▶ Task prompt
Please return the listing below word for word, minus its pictures.

▶ Material to process
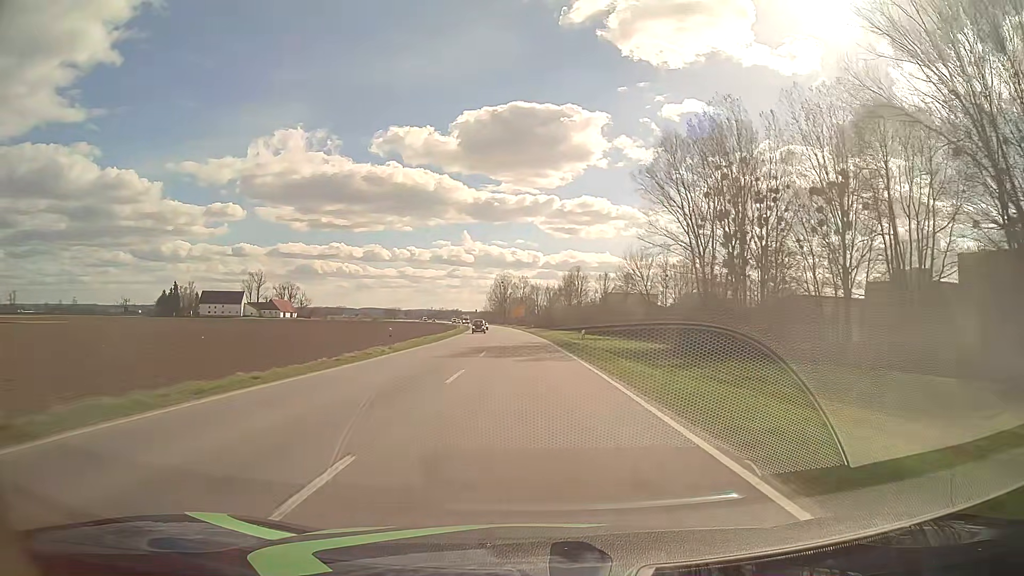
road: primary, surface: asphalt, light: Day
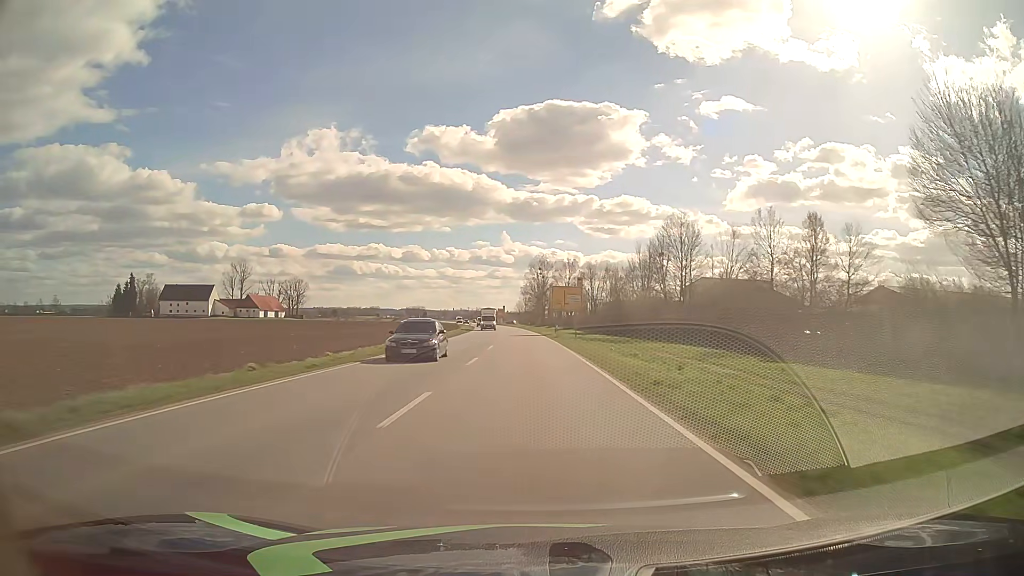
(-2.4, +79.0) m; -4°
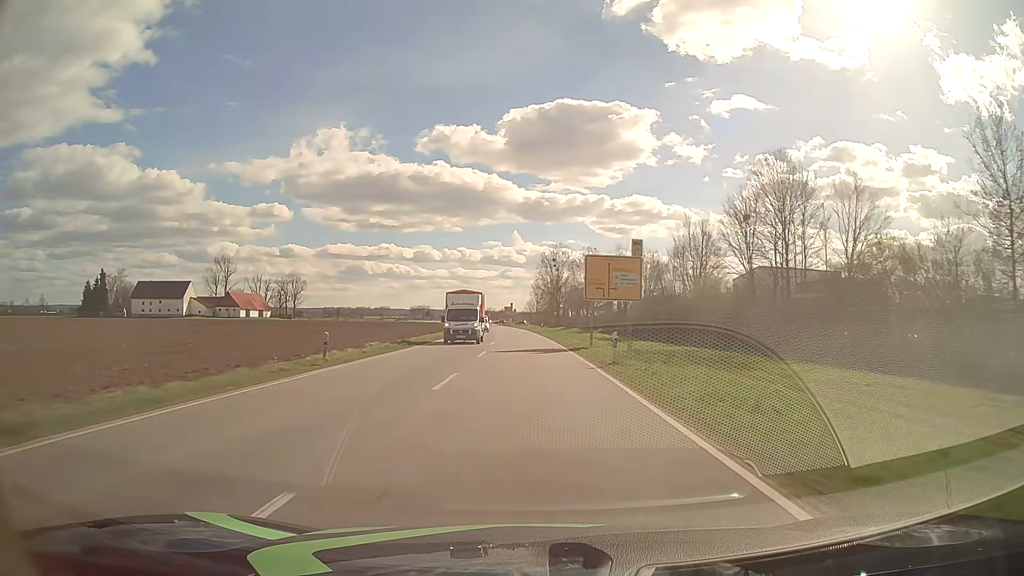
(-0.2, +31.6) m; -1°
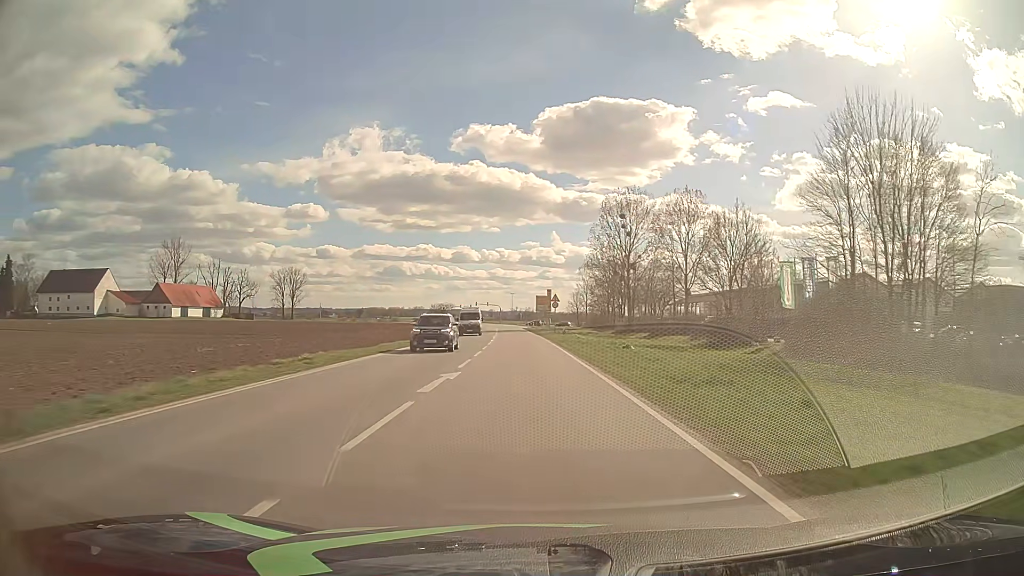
(-2.1, +79.0) m; -3°
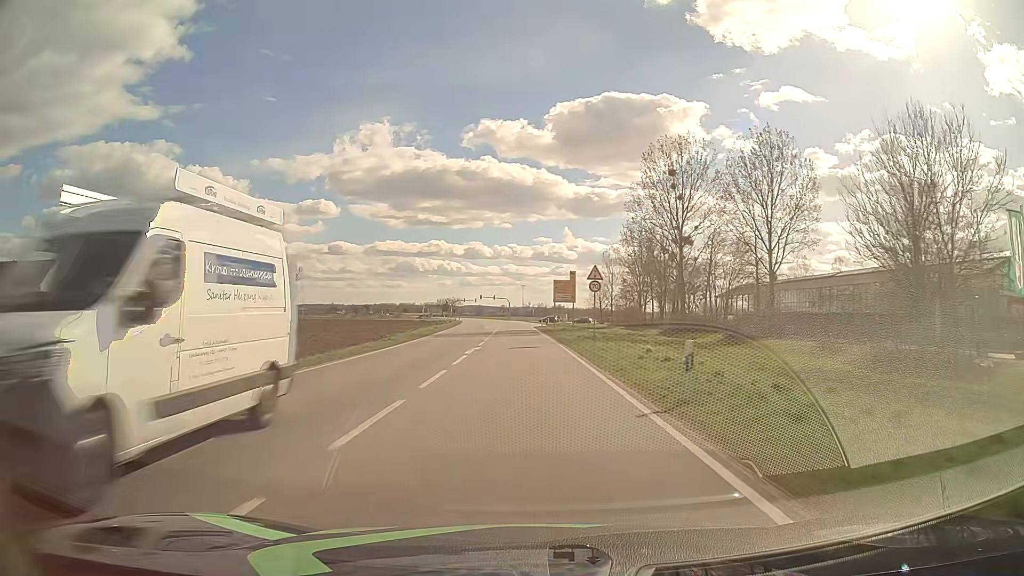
(-0.3, +30.0) m; -1°
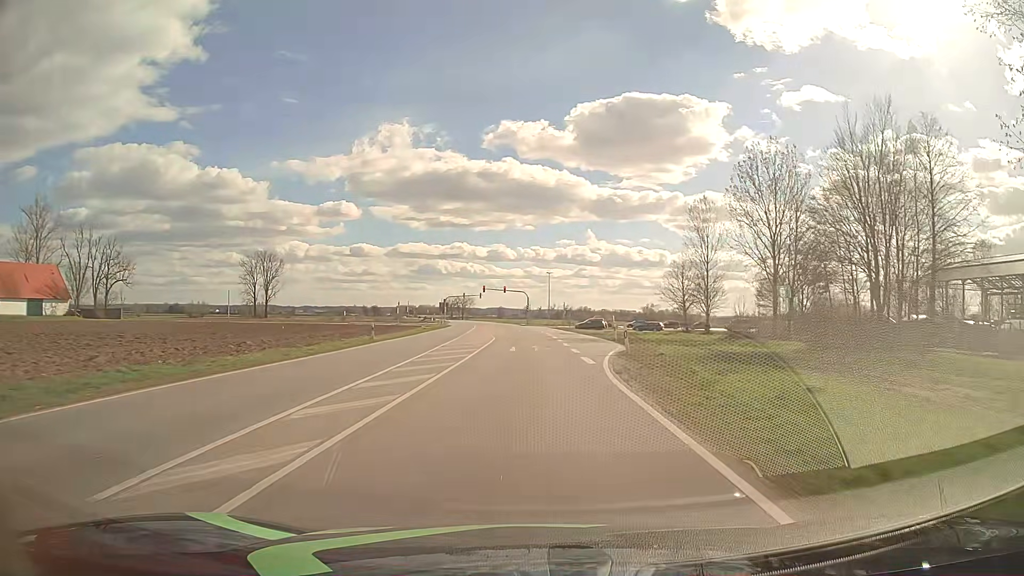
(-1.3, +64.4) m; -2°
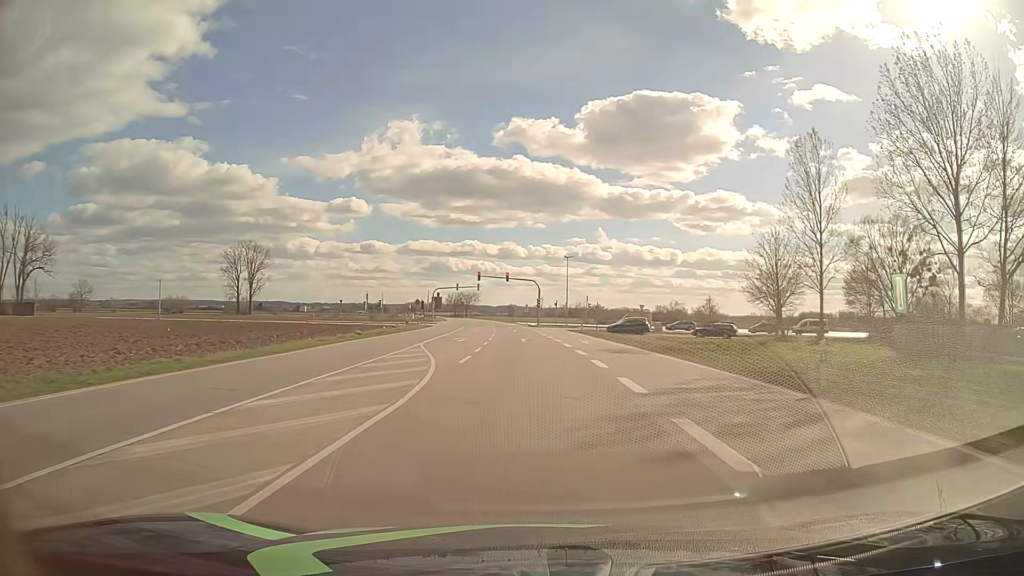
(-0.2, +31.4) m; -1°
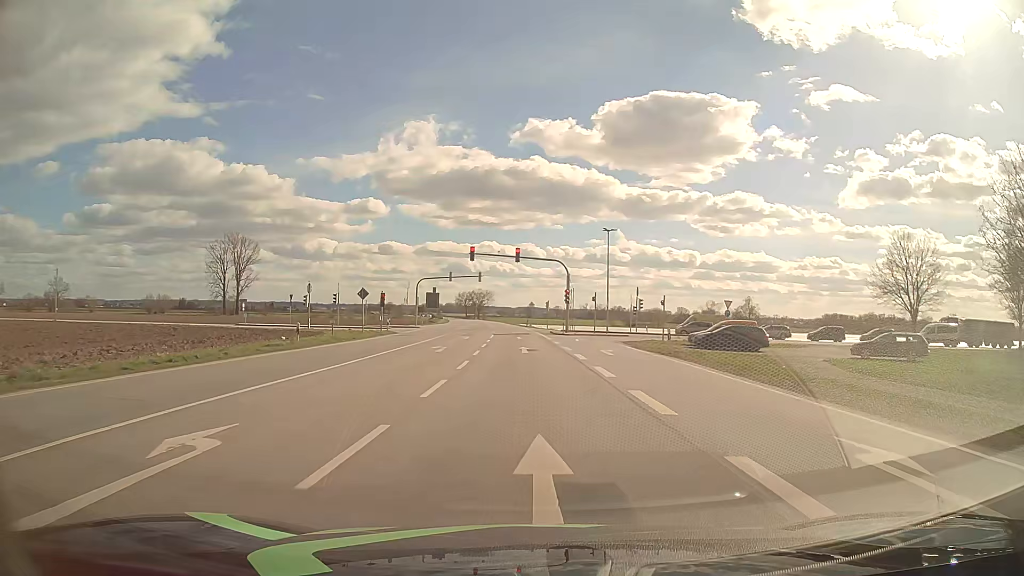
(-0.4, +31.8) m; -1°
(0, +10) (0, +20) (-1, +30) (-1, +40) (-1, +50) (-2, +60) (-3, +70) (-3, +80) (-4, +90) (-5, +100) m

▶ Answer to the problem
road: primary, surface: asphalt, light: Day
(-2.4, +79.0) m; -4°
(-0.2, +31.6) m; -1°
(-2.1, +79.0) m; -3°
(-0.3, +30.0) m; -1°
(-1.3, +64.4) m; -2°
(-0.2, +31.4) m; -1°
(-0.4, +31.8) m; -1°
(0, +10) (0, +20) (-1, +30) (-1, +40) (-1, +50) (-2, +60) (-3, +70) (-3, +80) (-4, +90) (-5, +100) m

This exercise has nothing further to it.